— EXERCISE BRIEF —
Down to the final line, reproduce the entries that follow exactly.

★ ★ ★ ★

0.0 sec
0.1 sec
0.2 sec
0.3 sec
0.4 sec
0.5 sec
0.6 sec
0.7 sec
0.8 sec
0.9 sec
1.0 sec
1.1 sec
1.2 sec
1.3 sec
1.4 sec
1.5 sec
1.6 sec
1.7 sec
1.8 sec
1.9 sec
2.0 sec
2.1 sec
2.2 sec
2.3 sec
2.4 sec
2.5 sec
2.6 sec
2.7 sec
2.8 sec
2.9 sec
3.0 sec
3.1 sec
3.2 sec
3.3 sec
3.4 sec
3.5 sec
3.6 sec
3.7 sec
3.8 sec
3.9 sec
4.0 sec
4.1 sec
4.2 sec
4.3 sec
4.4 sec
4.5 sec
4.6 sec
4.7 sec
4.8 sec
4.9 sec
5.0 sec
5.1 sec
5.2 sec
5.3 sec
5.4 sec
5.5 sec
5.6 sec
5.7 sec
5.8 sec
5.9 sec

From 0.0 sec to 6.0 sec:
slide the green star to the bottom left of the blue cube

★ ★ ★ ★

— TASK ANSWER —
0.0 sec
0.1 sec
0.2 sec
0.3 sec
0.4 sec
0.5 sec
0.6 sec
0.7 sec
0.8 sec
0.9 sec
1.0 sec
1.1 sec
1.2 sec
1.3 sec
1.4 sec
1.5 sec
1.6 sec
1.7 sec
1.8 sec
1.9 sec
2.0 sec
2.1 sec
2.2 sec
2.3 sec
2.4 sec
2.5 sec
2.6 sec
2.7 sec
2.8 sec
2.9 sec
3.0 sec
3.1 sec
3.2 sec
3.3 sec
3.4 sec
3.5 sec
3.6 sec
3.7 sec
3.8 sec
3.9 sec
4.0 sec
4.1 sec
4.2 sec
4.3 sec
4.4 sec
4.5 sec
4.6 sec
4.7 sec
4.8 sec
4.9 sec
5.0 sec
5.1 sec
5.2 sec
5.3 sec
5.4 sec
5.5 sec
5.6 sec
5.7 sec
5.8 sec
5.9 sec

From 0.0 sec to 6.0 sec:
slide the green star to the bottom left of the blue cube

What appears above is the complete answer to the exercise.